= AIM OF THE TASK =
Go to the line in the entries below that holds "#6545 = CARTESIAN_POINT" and repeat exactly from there through the line that holds "#7985 = CIRCLE ( 'NONE', #1378, 125. ) ;", inclusive.

= INPUT DATA =
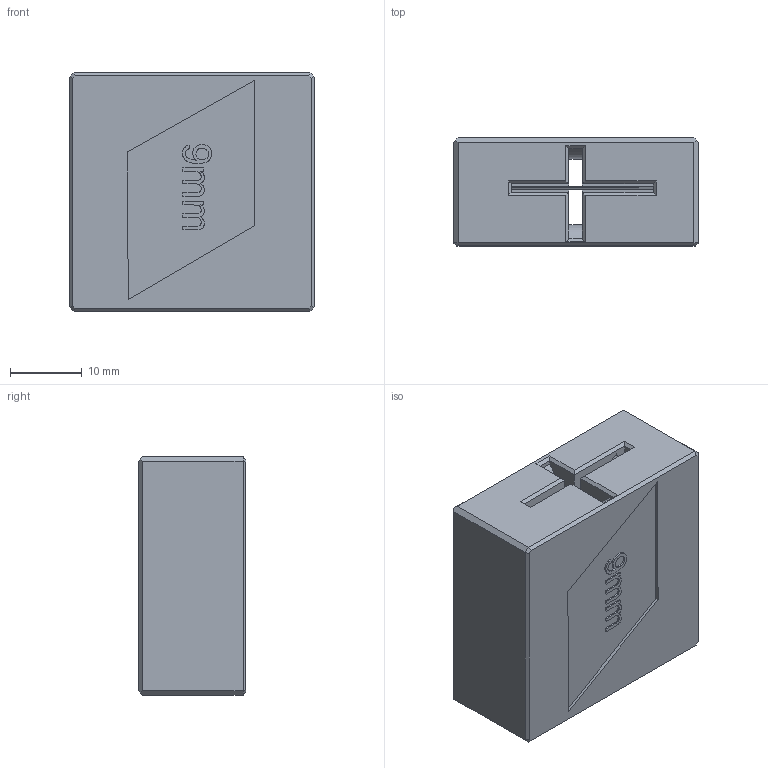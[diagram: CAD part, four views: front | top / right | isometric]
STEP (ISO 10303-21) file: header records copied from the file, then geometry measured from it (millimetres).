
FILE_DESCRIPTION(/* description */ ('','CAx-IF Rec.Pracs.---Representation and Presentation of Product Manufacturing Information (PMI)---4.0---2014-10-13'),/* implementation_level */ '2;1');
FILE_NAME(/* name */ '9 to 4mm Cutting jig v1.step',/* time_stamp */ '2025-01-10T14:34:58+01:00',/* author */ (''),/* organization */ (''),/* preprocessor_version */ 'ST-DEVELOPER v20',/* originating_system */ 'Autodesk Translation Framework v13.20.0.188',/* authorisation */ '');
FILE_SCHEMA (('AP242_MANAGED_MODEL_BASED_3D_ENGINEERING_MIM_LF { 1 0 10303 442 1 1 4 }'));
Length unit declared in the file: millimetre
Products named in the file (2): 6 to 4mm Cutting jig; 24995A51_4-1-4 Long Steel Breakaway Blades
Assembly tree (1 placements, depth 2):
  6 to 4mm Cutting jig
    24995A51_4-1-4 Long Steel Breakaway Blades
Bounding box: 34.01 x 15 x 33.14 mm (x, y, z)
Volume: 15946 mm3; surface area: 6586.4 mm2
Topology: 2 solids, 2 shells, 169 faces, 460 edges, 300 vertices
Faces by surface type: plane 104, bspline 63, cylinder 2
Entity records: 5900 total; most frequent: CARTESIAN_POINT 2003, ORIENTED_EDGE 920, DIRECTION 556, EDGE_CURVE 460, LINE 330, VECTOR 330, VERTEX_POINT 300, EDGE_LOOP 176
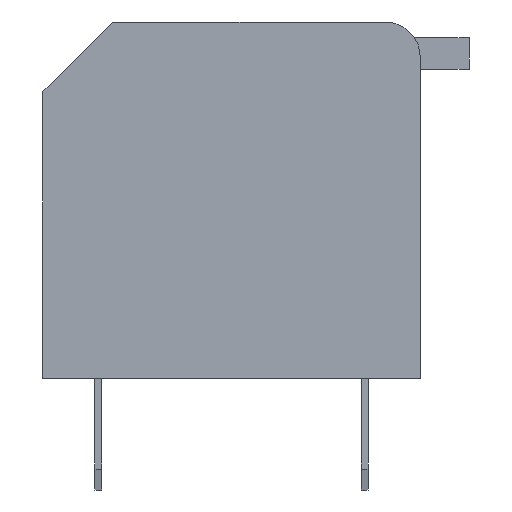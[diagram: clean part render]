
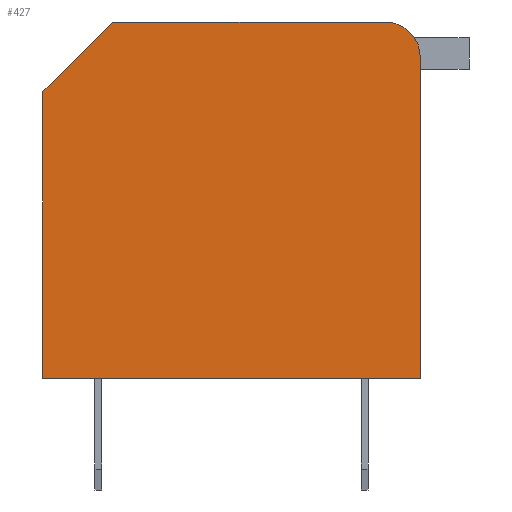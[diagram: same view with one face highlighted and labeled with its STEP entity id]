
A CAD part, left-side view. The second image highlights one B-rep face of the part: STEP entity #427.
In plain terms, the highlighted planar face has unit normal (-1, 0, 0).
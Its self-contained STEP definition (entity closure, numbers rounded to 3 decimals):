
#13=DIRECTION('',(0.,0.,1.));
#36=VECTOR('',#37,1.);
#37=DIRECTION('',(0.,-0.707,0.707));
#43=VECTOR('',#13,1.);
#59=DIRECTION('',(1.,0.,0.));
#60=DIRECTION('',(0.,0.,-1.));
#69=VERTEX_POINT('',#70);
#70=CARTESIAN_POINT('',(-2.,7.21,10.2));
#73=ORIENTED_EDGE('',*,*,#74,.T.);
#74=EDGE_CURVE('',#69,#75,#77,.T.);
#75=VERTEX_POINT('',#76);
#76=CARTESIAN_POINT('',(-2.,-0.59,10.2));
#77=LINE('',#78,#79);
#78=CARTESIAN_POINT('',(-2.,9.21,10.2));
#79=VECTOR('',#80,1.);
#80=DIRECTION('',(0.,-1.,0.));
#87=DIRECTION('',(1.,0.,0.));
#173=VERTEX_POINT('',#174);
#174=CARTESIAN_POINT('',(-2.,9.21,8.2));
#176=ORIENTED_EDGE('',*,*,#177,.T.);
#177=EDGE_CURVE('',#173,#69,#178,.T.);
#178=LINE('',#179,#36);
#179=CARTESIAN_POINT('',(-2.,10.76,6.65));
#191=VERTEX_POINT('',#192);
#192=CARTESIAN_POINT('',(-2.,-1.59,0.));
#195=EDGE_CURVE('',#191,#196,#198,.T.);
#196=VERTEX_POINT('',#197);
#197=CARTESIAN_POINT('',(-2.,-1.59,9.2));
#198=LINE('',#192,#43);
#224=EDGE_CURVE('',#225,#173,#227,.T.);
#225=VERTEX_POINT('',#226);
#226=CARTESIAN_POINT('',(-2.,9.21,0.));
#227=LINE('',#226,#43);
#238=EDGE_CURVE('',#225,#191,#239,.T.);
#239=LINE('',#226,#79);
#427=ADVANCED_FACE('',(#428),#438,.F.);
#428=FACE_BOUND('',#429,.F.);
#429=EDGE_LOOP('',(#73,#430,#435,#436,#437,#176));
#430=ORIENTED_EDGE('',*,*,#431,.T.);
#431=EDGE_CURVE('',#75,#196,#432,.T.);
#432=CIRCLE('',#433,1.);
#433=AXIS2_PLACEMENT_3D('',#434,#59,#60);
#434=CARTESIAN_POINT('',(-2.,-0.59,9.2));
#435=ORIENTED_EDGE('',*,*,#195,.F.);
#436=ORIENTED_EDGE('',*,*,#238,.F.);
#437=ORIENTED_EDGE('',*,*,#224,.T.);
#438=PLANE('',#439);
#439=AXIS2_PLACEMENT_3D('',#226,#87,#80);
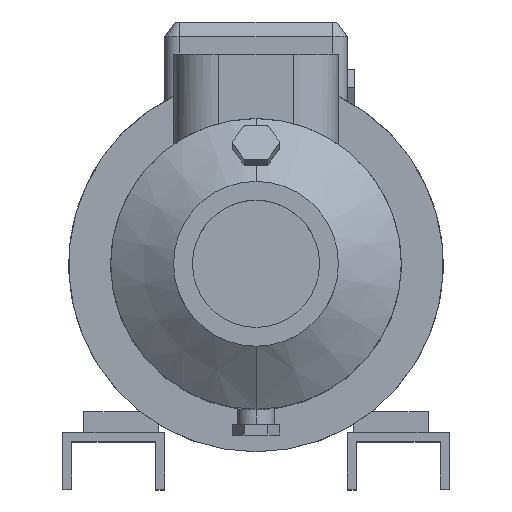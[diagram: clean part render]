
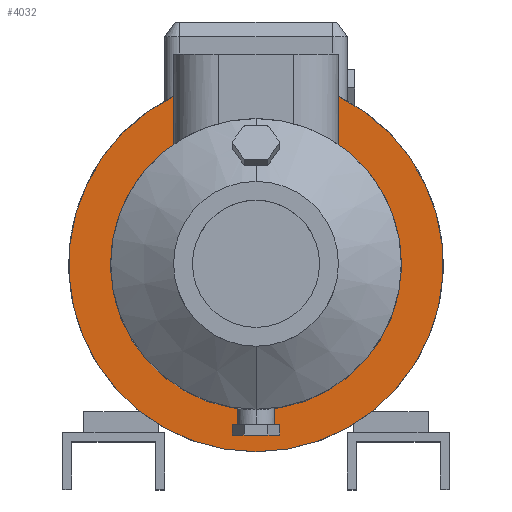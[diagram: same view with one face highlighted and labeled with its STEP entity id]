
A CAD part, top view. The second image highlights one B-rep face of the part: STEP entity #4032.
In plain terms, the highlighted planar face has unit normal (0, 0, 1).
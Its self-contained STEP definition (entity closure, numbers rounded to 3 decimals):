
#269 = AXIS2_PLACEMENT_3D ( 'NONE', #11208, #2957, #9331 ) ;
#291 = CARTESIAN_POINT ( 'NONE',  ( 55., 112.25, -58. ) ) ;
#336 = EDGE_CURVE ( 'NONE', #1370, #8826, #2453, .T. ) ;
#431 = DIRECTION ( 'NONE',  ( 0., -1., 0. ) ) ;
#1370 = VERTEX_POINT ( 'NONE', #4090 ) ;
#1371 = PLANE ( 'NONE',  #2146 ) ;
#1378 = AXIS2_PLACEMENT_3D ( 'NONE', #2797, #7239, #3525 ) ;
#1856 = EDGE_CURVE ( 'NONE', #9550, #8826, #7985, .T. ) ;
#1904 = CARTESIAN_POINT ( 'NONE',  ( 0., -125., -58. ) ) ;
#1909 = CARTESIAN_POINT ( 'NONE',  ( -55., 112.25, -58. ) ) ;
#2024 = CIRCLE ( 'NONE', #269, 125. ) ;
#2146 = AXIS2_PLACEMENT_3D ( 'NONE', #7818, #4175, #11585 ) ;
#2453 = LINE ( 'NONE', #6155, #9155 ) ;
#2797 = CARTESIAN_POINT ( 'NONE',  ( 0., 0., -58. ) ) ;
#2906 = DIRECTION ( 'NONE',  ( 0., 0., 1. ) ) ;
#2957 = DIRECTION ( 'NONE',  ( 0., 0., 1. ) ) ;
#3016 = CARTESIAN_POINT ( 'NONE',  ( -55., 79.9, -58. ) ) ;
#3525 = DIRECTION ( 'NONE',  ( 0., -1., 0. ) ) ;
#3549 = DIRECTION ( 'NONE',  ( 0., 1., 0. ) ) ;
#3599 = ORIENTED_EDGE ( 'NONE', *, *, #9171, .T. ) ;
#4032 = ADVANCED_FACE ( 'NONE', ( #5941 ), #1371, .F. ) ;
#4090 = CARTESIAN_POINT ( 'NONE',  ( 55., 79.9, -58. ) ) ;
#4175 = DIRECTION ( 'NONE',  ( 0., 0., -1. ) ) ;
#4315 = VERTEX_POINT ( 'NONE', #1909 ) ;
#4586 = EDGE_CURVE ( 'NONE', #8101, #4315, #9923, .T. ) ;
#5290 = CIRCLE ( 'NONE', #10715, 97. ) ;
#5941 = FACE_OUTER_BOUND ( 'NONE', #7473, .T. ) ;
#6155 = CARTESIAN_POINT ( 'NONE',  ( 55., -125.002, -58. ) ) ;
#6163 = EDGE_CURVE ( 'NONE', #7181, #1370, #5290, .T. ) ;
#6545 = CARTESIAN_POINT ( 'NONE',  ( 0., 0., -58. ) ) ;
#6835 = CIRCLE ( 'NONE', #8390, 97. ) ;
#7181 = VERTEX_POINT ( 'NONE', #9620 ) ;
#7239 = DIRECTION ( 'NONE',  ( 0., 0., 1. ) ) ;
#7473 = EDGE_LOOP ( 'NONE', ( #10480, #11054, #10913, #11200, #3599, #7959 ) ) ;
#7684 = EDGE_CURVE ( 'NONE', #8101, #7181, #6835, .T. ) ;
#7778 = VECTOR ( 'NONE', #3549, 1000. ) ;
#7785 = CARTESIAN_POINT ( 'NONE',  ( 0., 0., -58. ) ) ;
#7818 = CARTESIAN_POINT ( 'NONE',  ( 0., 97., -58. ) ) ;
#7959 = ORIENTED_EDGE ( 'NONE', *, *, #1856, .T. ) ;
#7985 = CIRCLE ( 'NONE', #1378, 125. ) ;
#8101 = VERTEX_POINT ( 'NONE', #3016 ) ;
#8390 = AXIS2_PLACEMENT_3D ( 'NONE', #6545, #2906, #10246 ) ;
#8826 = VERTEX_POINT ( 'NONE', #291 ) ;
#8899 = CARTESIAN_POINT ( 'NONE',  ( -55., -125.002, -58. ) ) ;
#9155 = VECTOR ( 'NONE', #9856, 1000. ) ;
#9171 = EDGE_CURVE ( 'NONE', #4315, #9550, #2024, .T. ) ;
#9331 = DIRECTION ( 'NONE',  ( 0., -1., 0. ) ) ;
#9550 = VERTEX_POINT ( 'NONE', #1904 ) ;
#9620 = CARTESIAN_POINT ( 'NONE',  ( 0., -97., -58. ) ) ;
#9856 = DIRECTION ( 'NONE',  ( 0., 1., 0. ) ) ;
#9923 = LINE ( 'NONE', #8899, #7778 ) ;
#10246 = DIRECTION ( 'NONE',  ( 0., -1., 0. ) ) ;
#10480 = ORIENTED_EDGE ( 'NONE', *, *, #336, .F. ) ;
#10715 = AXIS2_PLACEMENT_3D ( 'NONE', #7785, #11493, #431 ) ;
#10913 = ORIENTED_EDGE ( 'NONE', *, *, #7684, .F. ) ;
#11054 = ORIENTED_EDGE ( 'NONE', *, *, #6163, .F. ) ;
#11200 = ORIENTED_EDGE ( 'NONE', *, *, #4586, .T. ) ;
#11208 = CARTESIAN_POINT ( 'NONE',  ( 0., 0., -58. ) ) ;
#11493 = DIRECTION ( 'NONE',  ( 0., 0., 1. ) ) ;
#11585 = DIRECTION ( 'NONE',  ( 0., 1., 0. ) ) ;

= RESPONSE FOR THIS EXERCISE =
#6545 = CARTESIAN_POINT ( 'NONE',  ( 0., 0., -58. ) ) ;
#6835 = CIRCLE ( 'NONE', #8390, 97. ) ;
#7181 = VERTEX_POINT ( 'NONE', #9620 ) ;
#7239 = DIRECTION ( 'NONE',  ( 0., 0., 1. ) ) ;
#7473 = EDGE_LOOP ( 'NONE', ( #10480, #11054, #10913, #11200, #3599, #7959 ) ) ;
#7684 = EDGE_CURVE ( 'NONE', #8101, #7181, #6835, .T. ) ;
#7778 = VECTOR ( 'NONE', #3549, 1000. ) ;
#7785 = CARTESIAN_POINT ( 'NONE',  ( 0., 0., -58. ) ) ;
#7818 = CARTESIAN_POINT ( 'NONE',  ( 0., 97., -58. ) ) ;
#7959 = ORIENTED_EDGE ( 'NONE', *, *, #1856, .T. ) ;
#7985 = CIRCLE ( 'NONE', #1378, 125. ) ;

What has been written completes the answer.